City of New York v. Skyway-Dyckman, Inc.

Steuer, J.

This is a summary proceeding to evict a tenant for breach of a material covenant in the lease. The landlord, City of New York, in 1958, leased certain unimproved land located at Tenth Avenue and 201st Street and fronting on Sherman Creek, together with the use of the waters in the vicinity of the leased premises. The tenant was obligated to build a gas station and parking area, and a marina including a pier and mooring facilities. The lease provided that the ‘ ‘ Lessee shall dredge, as required, for the construction of the pier and for the operation of this marina.”

The pier was built, but no dredging was done. The proof shows that at all times except at high tide the surface of the land beneath the waters in the vicinity of the pier is visible and boats cannot approach the pier and tie up at it. Consequently, except during high tide the pier is not available to boats and no marina exists. On these facts the landlord contends that there has been a material breach of the lease. *508The tenant’s first contention is that the lease is ambiguous and should be construed against the landlord who drew it. The law is as contended (Evelyn Bldg. Corp. v. City of New York, 257 N. Y. 501) but we find no ambiguity. The lease contains an amplification of the clause quoted above which reads: ‘ ‘ Lessee at its own cost and expense shall do such dredging from time to time during the term hereby created as shall be necessary in order to maintain a depth of water adjacent to the demised premises sufficient to operate the marina.”

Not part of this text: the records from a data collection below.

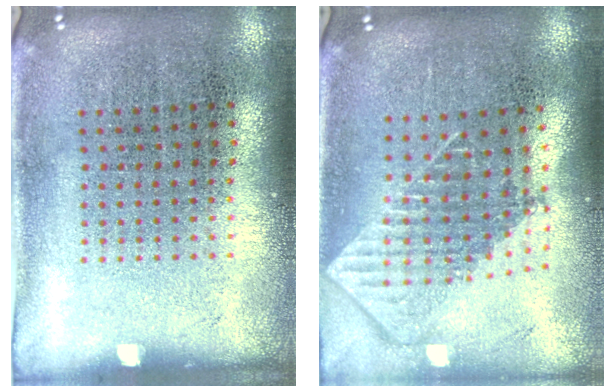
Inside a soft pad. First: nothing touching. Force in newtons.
{"total": 1.9, "press": 1.5, "slide": 1.3}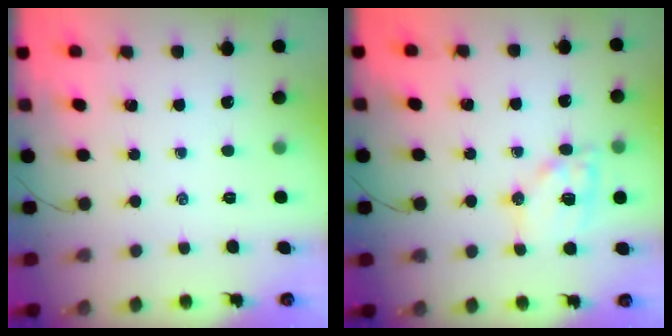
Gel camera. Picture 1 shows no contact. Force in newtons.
{"total": 12.3, "press": 12.1, "slide": 1.8}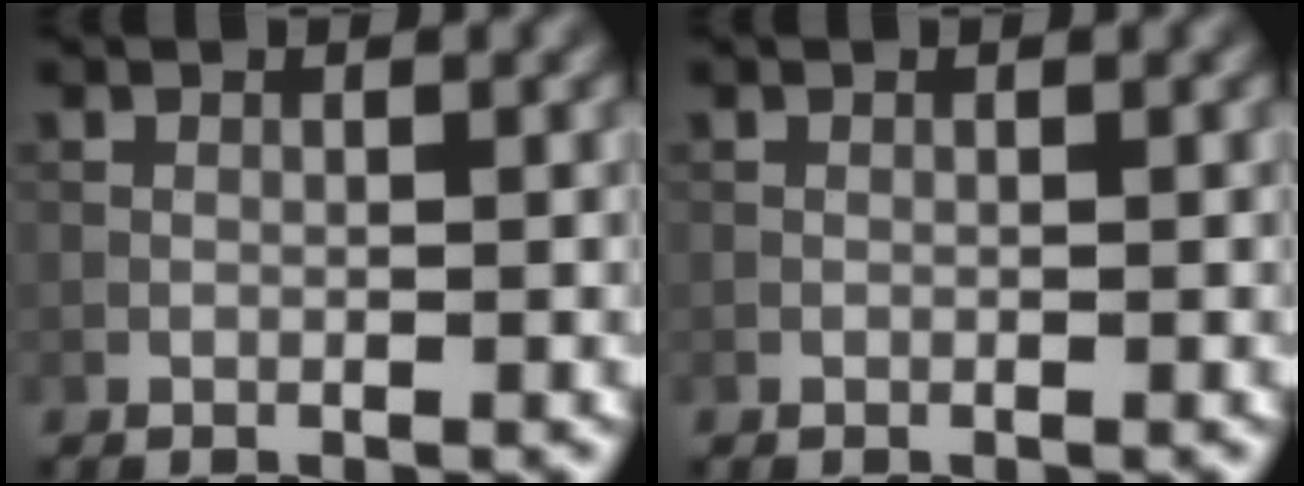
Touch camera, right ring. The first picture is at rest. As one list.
[{"total": 0.0}]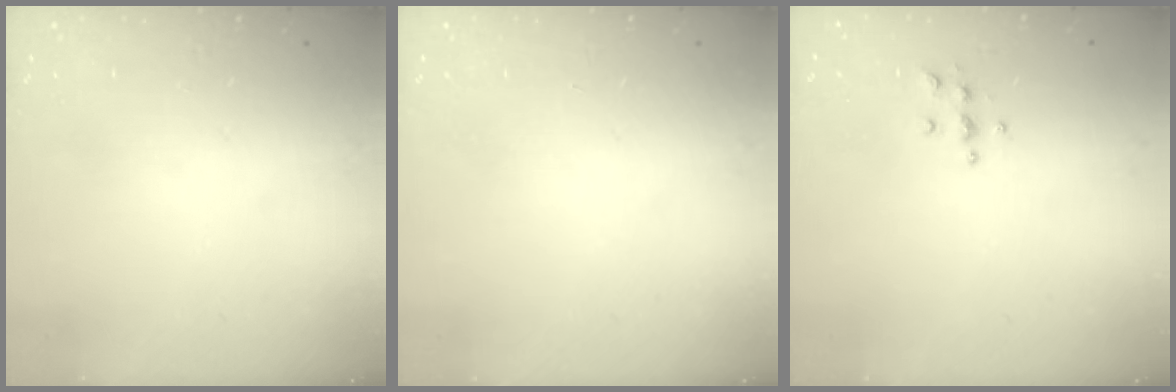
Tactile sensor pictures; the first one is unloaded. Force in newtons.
{"total": 0.0}
{"total": 4.6, "press": 4.6, "slide": 0.5}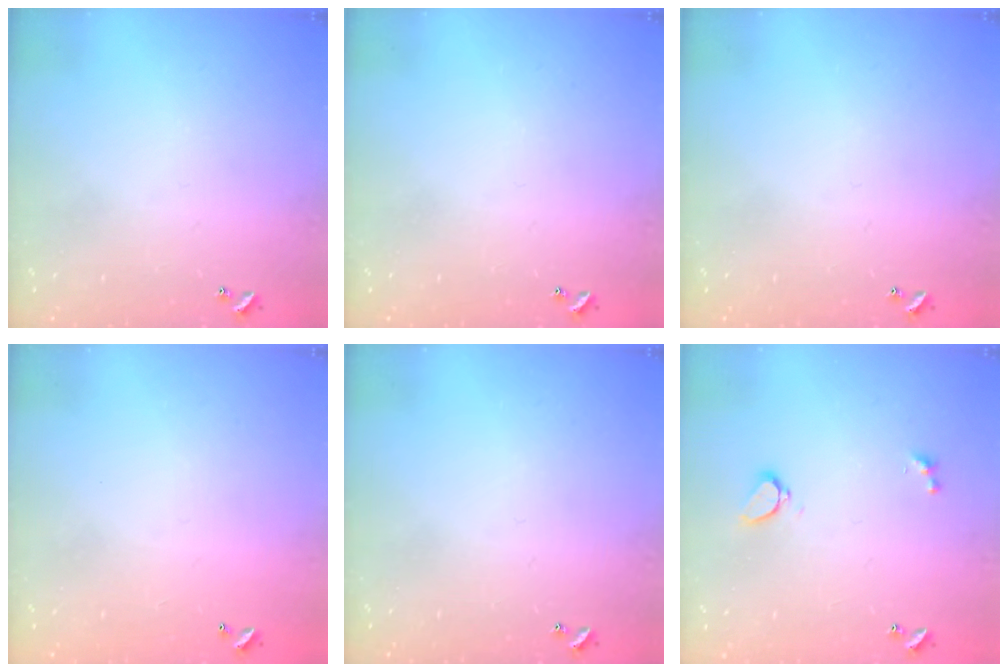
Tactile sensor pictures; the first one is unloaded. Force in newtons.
{"total": 0.0}
{"total": 0.0}
{"total": 2.9, "press": 2.9, "slide": 0.1}
{"total": 0.0}
{"total": 2.9, "press": 2.6, "slide": 1.3}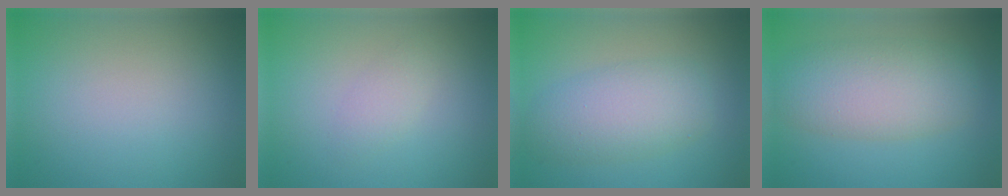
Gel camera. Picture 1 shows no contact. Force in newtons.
{"total": 1.4, "press": 1.4, "slide": 0.1}
{"total": 4.4, "press": 4.4, "slide": 0.0}
{"total": 6.4, "press": 6.4, "slide": 0.2}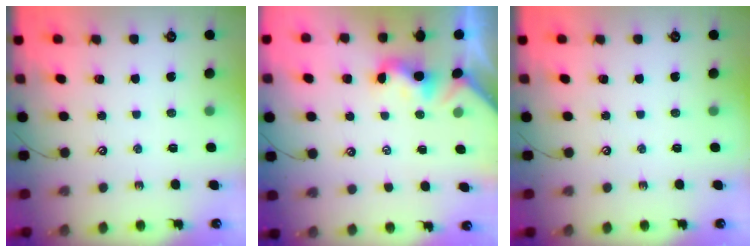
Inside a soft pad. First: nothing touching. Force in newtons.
{"total": 1.9, "press": 1.8, "slide": 0.6}
{"total": 0.0}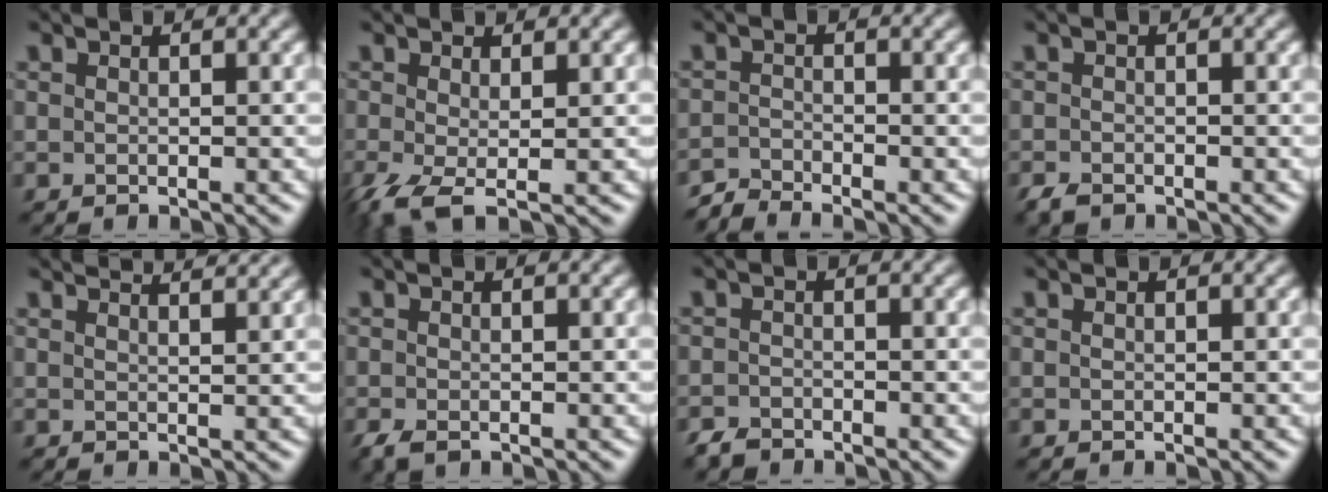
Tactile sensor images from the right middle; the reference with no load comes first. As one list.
[{"total": 3.8, "force": [-1.4, 1.3, 3.3], "torque": [-0.080, -0.011, -0.032]}, {"total": 1.9, "force": [-1.9, 0.1, 0.2], "torque": [-0.005, -0.002, -0.045]}, {"total": 1.3, "force": [-1.1, 0.6, 0.5], "torque": [-0.008, -0.004, -0.024]}, {"total": 4.7, "force": [4.1, 1.2, 2.0], "torque": [-0.003, 0.025, 0.024]}, {"total": 1.6, "force": [-1.2, 0.7, 0.9], "torque": [-0.023, -0.009, -0.024]}, {"total": 1.6, "force": [-1.5, 0.7, 0.3], "torque": [-0.003, -0.001, -0.033]}, {"total": 0.0}]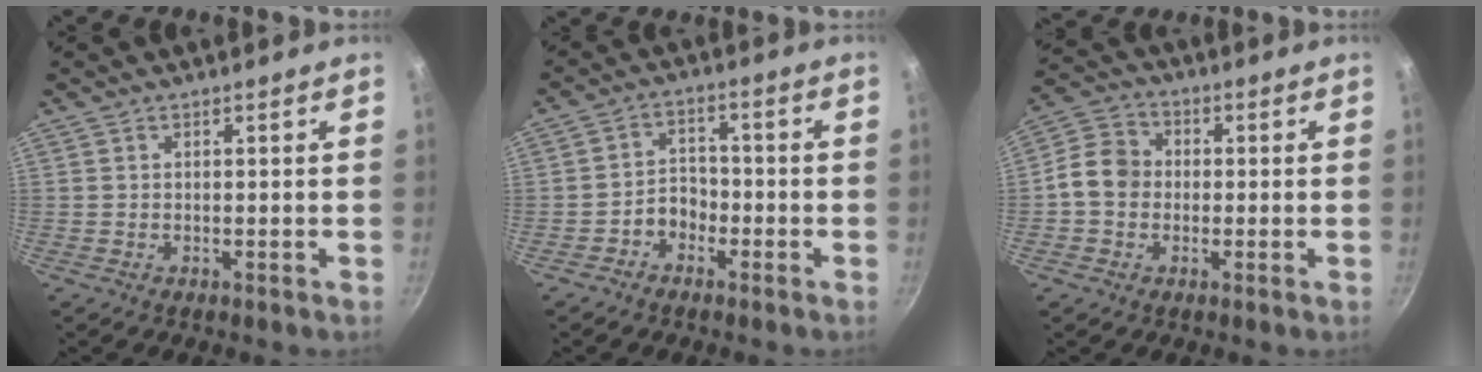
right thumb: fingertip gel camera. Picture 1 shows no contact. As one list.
[{"total": 4.6, "force": [-2.3, 3.5, 1.9], "torque": [-0.005, 0.033, -0.044]}, {"total": 8.0, "force": [-0.8, 6.8, 4.1], "torque": [-0.047, 0.020, -0.035]}]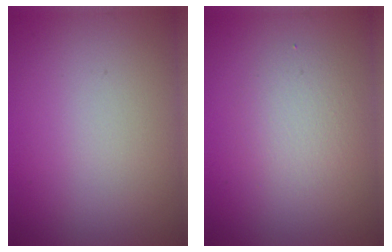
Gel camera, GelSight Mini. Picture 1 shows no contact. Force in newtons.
{"total": 2.4, "press": 2.4, "slide": 0.3}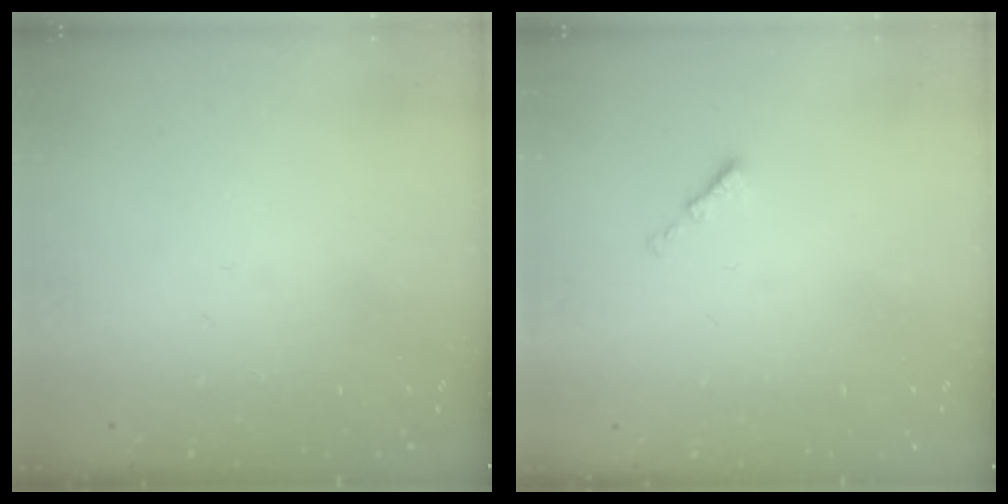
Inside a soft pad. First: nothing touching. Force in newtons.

Tenant respondent’s second contention, which was adopted by the trial court, was that there had been substantial compliance with the terms of the lease. This is based on the fact that the lease provides for certain minimum expenditures in the preparation of the site and erection of structures, and the tenant spent more than these sums. Also it is claimed that dredging is only one of many operations called for and the others were all performed in accordance with the lease.-

The doctrine of substantial performance has principal application in building contracts (Niemam-Irving & Co. v. Lazenby, 263 N. Y. 91, 94). It is that where there is not complete performance there can be recovery where the omission or defect is trivial and can be adjusted by making an allowance against the contract price (Jacob & Youngs v. Kent, 230 N. Y. 239). But the doctrine has no application where there has been no performance at all in regard to a material portion of the contract (6 Williston, Contracts, [3d ed.], § 842, p. 165).

As regards a lease, the situation is somewhat different. There the questions are whether there has been a breach of a covenant and, if so, whether the covenant is material. As to whether there was in fact a breach, if the covenant concerns repairs or construction a rule similar to the rule in building cases has been applied (Ogden v. Hamer, 268 App. Div. 751). But here, applying the rule would be no help to the tenant. The covenant was not performed at all. The performance of the other covenants is irrelevant on any issue of substantial performance.

The materiality of the covenant has not been questioned. Under the circumstances it would appear that there is no substantial issue on this point. This is not the usual situation where a landowner leases for profit and the covenants are designed to insure collection of the rent and preservation of the property. Here the main purpose of the city was not to utilize the land for its gain but rather to make available certain specified services to the public. Rather than provide the services itself, the city elected to do it through the medium of renting the land to one who was required by the lease to provide them. *509The covenants of the lease are designed to this end. Among the services was the providing of certain facilities to people using small 'boats. Failure to comply with the covenant in question resulted in a failure to have these services available. Obviously it affected • one of the purposes of the lease and, hence, was indubitably material.

Lastly, no question of waiver was at any time raised in the case. So the lapse of time, both from the time when the dredging should have been done and the initiation of proceedings and the protraction of the latter, is not considered.

The determination of the Civil Court (then Municipal Court) and the Appellate Term should be reversed and the petition granted without costs.

Botein, P. J., Breitel, Eager and Staley, JJ., concur.

Determination of the Appellate Term and final order of the Municipal Court unanimously reversed on the law and on the facts, and the petition granted, without costs and without disbursements.